In my rear-view mirror resides an image from May 5, 2017, when a group of students produced and disseminated a YouTube video entitled “Where Were You When.” It is a group of students giving voice to their GU experience that reflects back to all of us how they describe the gap between rhetoric and reality as it pertains to issues of inclusion, equity and intercultural awareness. In front of me I see the reflection of a new academic year bringing forth a constellation of new images with 1,257 new students becoming part of a student body just south of 8,000 being served by a workforce of approximately 1,440 staff, faculty and administrators. Imagine this: Each student, staff, faculty and administrator embodies a cultural world unto themselves.
I see the image of St. Ignatius of Loyola manifesting in the faces of our students.
Ignatius has been characterized as a “practical visionary.” I see the impeccable ability to fly kites (the idealism of youth) dancing with the compelling need to drive nails (the realism of adult initiation) sitting in our classrooms, resident halls and prayerful spaces. Let me challenge you with a dose of idealism to manifest into reality.
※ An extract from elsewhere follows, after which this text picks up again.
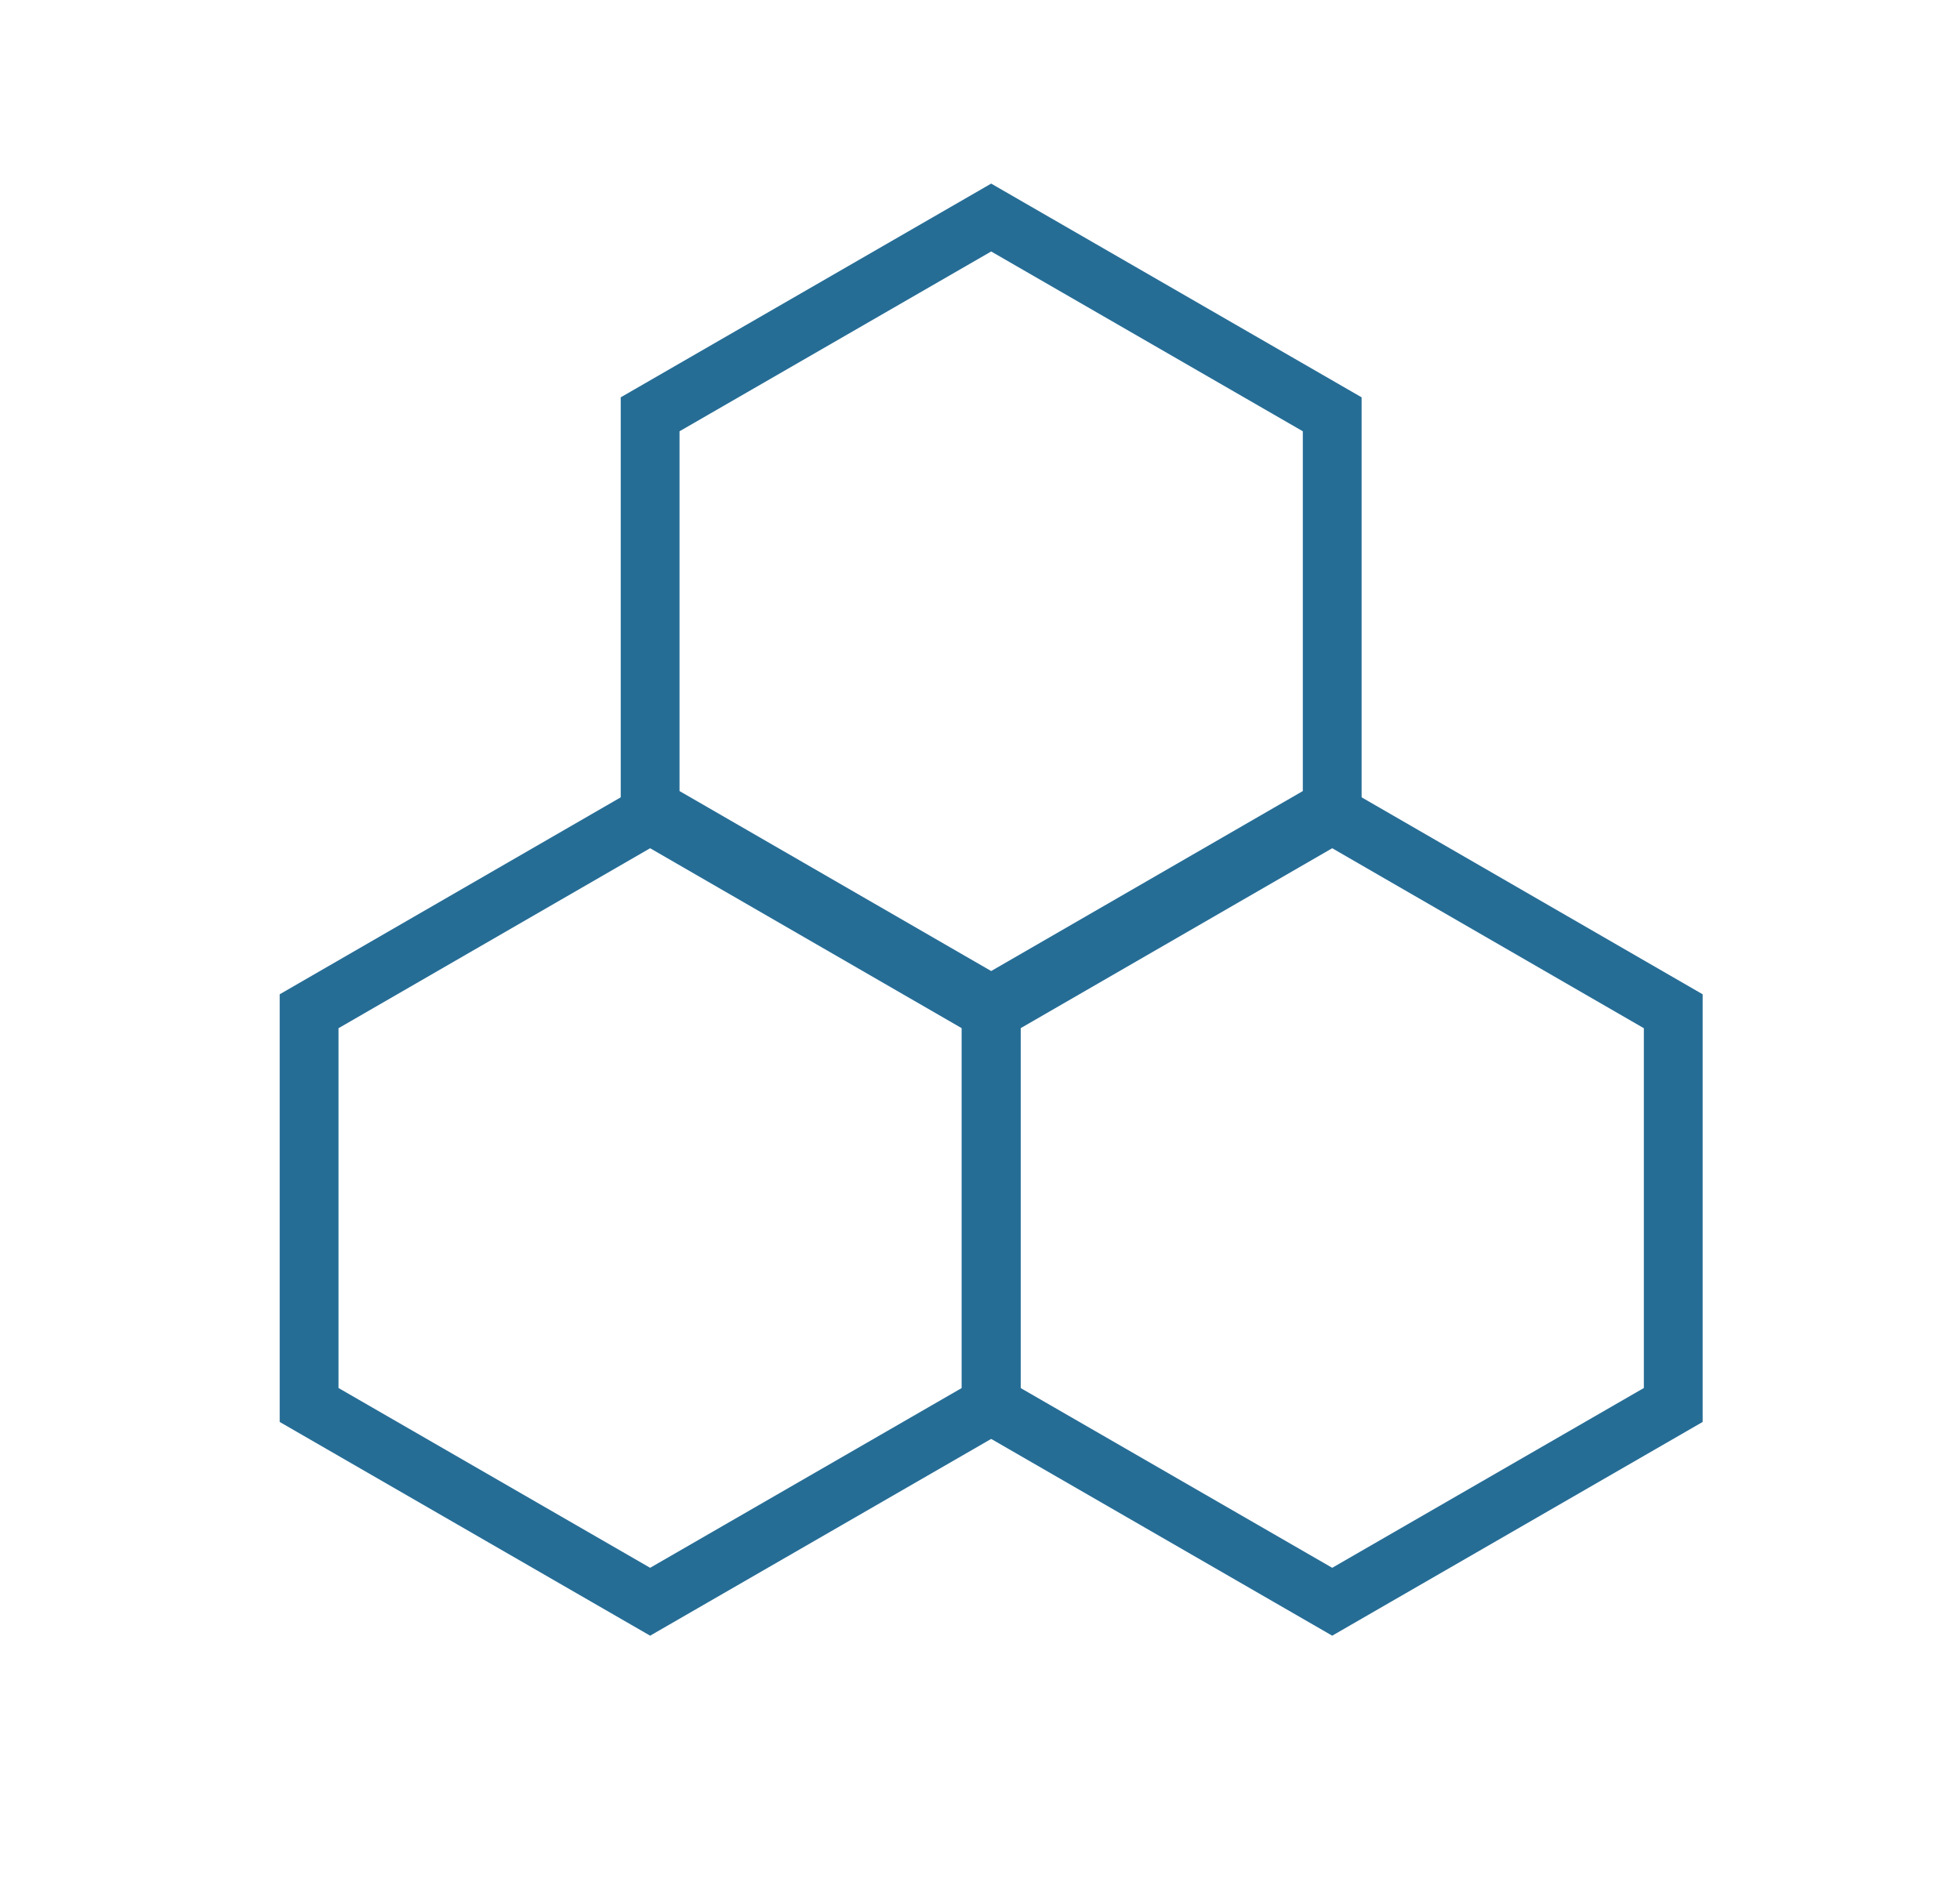 <svg id="Ebene_1" data-name="Ebene 1" xmlns="http://www.w3.org/2000/svg" viewBox="0 0 100 97"><defs><style>.cls-1{fill:none;stroke:#266d96;stroke-miterlimit:10;stroke-width:3px;}</style></defs><title>IconsKategorienHoelzel2018</title><polygon class="cls-1" points="67.97 41.23 67.97 21.14 50.57 11.1 33.17 21.14 33.17 41.23 50.57 51.28 67.97 41.23"/><polygon class="cls-1" points="85.37 71.69 85.37 51.6 67.97 41.55 50.57 51.6 50.57 71.69 67.97 81.73 85.37 71.69"/><polygon class="cls-1" points="50.57 71.69 50.57 51.6 33.17 41.55 15.77 51.6 15.77 71.69 33.17 81.73 50.57 71.69"/></svg>

I would like to see us experience the spiritual significance of human diversity by linking practices of inclusion, equity and intercultural awareness to our educational mission as a Jesuit social apostolate. One of the hallmarks of Jesuit education, based upon Ignatian spirituality, is the belief that God can be found in all things because the world is saturated with divine presence. He describes a cultural reality wherein every moment of our life God is communicating to us through person, place and thing. The Composer of Grace and Keeper of Promises is constantly trying to draw us into an awareness of the reality of who we are through His eyes and our experience of “the other.”
I would like to challenge all of us to raise our awareness of the “active presence of God” in all our intercultural relationships. Can you see the other through God’s eyes?
Where there is a will, there is a way. Will a College Democrat see a College Republican through God’s eyes and vice versa? Will a heterosexual staff or faculty see a gay, lesbian, transgender or questioning staff or faculty through God’s eyes and vice versa? Will a Christian staff see a Muslim student through God’s eyes? Will an able bodied student, faculty or staff see a physically challenged student, faculty or staff through God’s eyes? These are questions with potential answers inviting us to close the gap between the promise and the practice of culturally inclusive teaching, or recruiting and retaining a diverse workforce, or creating a safe, supportive campus climate for everyone.
The spirit of a Zag, the soul of a Bulldog is nurtured by the invitation to become a contemplative in action. At Gonzaga, in every moment of our community life as students, faculty, staff and administrators, we are invited to be alert and vigilant to God’s presence in all our relationships.
We are blessed with the choice to use this awareness of our intercultural relationships for a greater good by actively addressing issues of social justice as it pertains to exclusion, oppression or marginalization.
I sincerely hope that all of us will look in the mirror, see a practical visionary reflecting back, and act upon the image of this likeness. Let us act and form collaborative partnerships in solidarity toward creating a sustainable campus climate characterized by empathetic caring and respect for the dignity of all our intercultural relatives.
In the Spirit of Our Ancestors, May the Blessings Be!